• [Aim of the exercise] Whatever the records say, set them down exactly.

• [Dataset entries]

┄┄┄┄┄┄┄┄┄┄┄┄┄┄┄┄┄┄┄┄

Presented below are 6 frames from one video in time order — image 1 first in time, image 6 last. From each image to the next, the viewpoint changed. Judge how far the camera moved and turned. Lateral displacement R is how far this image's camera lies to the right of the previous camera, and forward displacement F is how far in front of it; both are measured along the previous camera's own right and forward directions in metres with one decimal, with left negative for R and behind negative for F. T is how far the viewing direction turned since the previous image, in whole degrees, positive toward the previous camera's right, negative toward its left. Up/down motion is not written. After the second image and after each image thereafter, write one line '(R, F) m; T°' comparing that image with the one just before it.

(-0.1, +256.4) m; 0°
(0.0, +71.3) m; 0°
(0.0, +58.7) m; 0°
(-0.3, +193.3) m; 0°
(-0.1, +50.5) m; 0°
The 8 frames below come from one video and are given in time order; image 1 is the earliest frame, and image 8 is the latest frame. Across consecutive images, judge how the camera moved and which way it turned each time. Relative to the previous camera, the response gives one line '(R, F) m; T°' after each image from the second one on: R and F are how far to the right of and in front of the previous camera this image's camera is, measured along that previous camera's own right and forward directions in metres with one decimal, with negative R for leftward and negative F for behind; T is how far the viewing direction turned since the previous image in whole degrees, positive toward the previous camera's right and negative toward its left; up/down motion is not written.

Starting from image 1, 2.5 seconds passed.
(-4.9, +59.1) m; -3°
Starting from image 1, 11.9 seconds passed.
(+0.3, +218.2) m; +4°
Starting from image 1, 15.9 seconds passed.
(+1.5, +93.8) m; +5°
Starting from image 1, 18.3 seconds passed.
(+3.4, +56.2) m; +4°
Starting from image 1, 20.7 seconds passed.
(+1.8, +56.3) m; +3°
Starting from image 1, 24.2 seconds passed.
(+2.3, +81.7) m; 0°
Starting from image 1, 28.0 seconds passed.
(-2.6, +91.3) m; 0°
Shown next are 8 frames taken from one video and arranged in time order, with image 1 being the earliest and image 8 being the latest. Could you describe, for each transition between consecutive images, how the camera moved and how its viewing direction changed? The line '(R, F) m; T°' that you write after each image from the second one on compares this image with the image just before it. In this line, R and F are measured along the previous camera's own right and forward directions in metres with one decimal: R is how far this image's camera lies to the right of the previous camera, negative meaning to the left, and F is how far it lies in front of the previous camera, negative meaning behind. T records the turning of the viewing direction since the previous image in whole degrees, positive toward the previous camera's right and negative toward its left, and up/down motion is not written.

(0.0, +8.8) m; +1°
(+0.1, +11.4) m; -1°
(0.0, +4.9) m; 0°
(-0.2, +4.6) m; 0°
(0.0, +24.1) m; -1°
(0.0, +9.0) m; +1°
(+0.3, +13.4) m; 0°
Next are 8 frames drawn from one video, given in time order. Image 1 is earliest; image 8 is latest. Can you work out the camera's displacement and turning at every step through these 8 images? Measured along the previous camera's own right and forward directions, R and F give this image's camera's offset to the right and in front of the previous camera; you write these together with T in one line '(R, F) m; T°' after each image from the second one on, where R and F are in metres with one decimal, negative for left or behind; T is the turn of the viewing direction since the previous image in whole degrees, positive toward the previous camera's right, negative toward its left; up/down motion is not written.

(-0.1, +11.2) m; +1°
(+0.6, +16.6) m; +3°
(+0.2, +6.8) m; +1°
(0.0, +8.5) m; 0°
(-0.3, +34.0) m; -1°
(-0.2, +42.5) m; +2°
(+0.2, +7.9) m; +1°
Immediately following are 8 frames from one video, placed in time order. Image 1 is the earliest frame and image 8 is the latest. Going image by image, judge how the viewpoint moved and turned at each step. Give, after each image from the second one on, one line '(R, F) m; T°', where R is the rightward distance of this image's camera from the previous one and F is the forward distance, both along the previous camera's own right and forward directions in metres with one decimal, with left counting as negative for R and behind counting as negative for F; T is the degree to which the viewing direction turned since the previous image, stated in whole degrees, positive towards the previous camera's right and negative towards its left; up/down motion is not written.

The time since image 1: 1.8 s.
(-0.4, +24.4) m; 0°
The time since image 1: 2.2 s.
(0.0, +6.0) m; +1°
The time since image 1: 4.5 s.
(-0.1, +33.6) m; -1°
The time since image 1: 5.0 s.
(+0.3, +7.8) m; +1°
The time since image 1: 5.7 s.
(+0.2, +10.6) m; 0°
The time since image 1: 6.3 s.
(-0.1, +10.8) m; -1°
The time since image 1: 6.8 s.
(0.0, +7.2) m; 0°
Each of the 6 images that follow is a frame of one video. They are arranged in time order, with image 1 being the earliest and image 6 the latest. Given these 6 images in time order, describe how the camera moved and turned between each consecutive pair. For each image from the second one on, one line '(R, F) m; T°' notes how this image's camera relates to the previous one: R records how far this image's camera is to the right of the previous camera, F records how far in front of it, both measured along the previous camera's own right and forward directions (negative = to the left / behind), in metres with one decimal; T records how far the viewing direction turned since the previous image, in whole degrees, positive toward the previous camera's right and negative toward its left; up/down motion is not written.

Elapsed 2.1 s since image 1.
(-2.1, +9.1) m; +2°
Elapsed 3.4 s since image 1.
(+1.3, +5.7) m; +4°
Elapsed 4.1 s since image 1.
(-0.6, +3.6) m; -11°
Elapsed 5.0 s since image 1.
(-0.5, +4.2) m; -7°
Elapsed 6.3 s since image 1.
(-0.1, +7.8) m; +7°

┄┄┄┄┄┄┄┄┄┄┄┄┄┄┄┄┄┄┄┄

• [Exercise solution]
Presented below are 6 frames from one video in time order — image 1 first in time, image 6 last. From each image to the next, the viewpoint changed. Judge how far the camera moved and turned. Lateral displacement R is how far this image's camera lies to the right of the previous camera, and forward displacement F is how far in front of it; both are measured along the previous camera's own right and forward directions in metres with one decimal, with left negative for R and behind negative for F. T is how far the viewing direction turned since the previous image, in whole degrees, positive toward the previous camera's right, negative toward its left. Up/down motion is not written. After the second image and after each image thereafter, write one line '(R, F) m; T°' comparing that image with the one just before it.

(-0.1, +256.4) m; 0°
(0.0, +71.3) m; 0°
(0.0, +58.7) m; 0°
(-0.3, +193.3) m; 0°
(-0.1, +50.5) m; 0°
The 8 frames below come from one video and are given in time order; image 1 is the earliest frame, and image 8 is the latest frame. Across consecutive images, judge how the camera moved and which way it turned each time. Relative to the previous camera, the response gives one line '(R, F) m; T°' after each image from the second one on: R and F are how far to the right of and in front of the previous camera this image's camera is, measured along that previous camera's own right and forward directions in metres with one decimal, with negative R for leftward and negative F for behind; T is how far the viewing direction turned since the previous image in whole degrees, positive toward the previous camera's right and negative toward its left; up/down motion is not written.

Starting from image 1, 2.5 seconds passed.
(-4.9, +59.1) m; -3°
Starting from image 1, 11.9 seconds passed.
(+0.3, +218.2) m; +4°
Starting from image 1, 15.9 seconds passed.
(+1.5, +93.8) m; +5°
Starting from image 1, 18.3 seconds passed.
(+3.4, +56.2) m; +4°
Starting from image 1, 20.7 seconds passed.
(+1.8, +56.3) m; +3°
Starting from image 1, 24.2 seconds passed.
(+2.3, +81.7) m; 0°
Starting from image 1, 28.0 seconds passed.
(-2.6, +91.3) m; 0°
Shown next are 8 frames taken from one video and arranged in time order, with image 1 being the earliest and image 8 being the latest. Could you describe, for each transition between consecutive images, how the camera moved and how its viewing direction changed? The line '(R, F) m; T°' that you write after each image from the second one on compares this image with the image just before it. In this line, R and F are measured along the previous camera's own right and forward directions in metres with one decimal: R is how far this image's camera lies to the right of the previous camera, negative meaning to the left, and F is how far it lies in front of the previous camera, negative meaning behind. T records the turning of the viewing direction since the previous image in whole degrees, positive toward the previous camera's right and negative toward its left, and up/down motion is not written.

(0.0, +8.8) m; +1°
(+0.1, +11.4) m; -1°
(0.0, +4.9) m; 0°
(-0.2, +4.6) m; 0°
(0.0, +24.1) m; -1°
(0.0, +9.0) m; +1°
(+0.3, +13.4) m; 0°
Next are 8 frames drawn from one video, given in time order. Image 1 is earliest; image 8 is latest. Can you work out the camera's displacement and turning at every step through these 8 images? Measured along the previous camera's own right and forward directions, R and F give this image's camera's offset to the right and in front of the previous camera; you write these together with T in one line '(R, F) m; T°' after each image from the second one on, where R and F are in metres with one decimal, negative for left or behind; T is the turn of the viewing direction since the previous image in whole degrees, positive toward the previous camera's right, negative toward its left; up/down motion is not written.

(-0.1, +11.2) m; +1°
(+0.6, +16.6) m; +3°
(+0.2, +6.8) m; +1°
(0.0, +8.5) m; 0°
(-0.3, +34.0) m; -1°
(-0.2, +42.5) m; +2°
(+0.2, +7.9) m; +1°
Immediately following are 8 frames from one video, placed in time order. Image 1 is the earliest frame and image 8 is the latest. Going image by image, judge how the viewpoint moved and turned at each step. Give, after each image from the second one on, one line '(R, F) m; T°', where R is the rightward distance of this image's camera from the previous one and F is the forward distance, both along the previous camera's own right and forward directions in metres with one decimal, with left counting as negative for R and behind counting as negative for F; T is the degree to which the viewing direction turned since the previous image, stated in whole degrees, positive towards the previous camera's right and negative towards its left; up/down motion is not written.

The time since image 1: 1.8 s.
(-0.4, +24.4) m; 0°
The time since image 1: 2.2 s.
(0.0, +6.0) m; +1°
The time since image 1: 4.5 s.
(-0.1, +33.6) m; -1°
The time since image 1: 5.0 s.
(+0.3, +7.8) m; +1°
The time since image 1: 5.7 s.
(+0.2, +10.6) m; 0°
The time since image 1: 6.3 s.
(-0.1, +10.8) m; -1°
The time since image 1: 6.8 s.
(0.0, +7.2) m; 0°
Each of the 6 images that follow is a frame of one video. They are arranged in time order, with image 1 being the earliest and image 6 the latest. Given these 6 images in time order, describe how the camera moved and turned between each consecutive pair. For each image from the second one on, one line '(R, F) m; T°' notes how this image's camera relates to the previous one: R records how far this image's camera is to the right of the previous camera, F records how far in front of it, both measured along the previous camera's own right and forward directions (negative = to the left / behind), in metres with one decimal; T records how far the viewing direction turned since the previous image, in whole degrees, positive toward the previous camera's right and negative toward its left; up/down motion is not written.

Elapsed 2.1 s since image 1.
(-2.1, +9.1) m; +2°
Elapsed 3.4 s since image 1.
(+1.3, +5.7) m; +4°
Elapsed 4.1 s since image 1.
(-0.6, +3.6) m; -11°
Elapsed 5.0 s since image 1.
(-0.5, +4.2) m; -7°
Elapsed 6.3 s since image 1.
(-0.1, +7.8) m; +7°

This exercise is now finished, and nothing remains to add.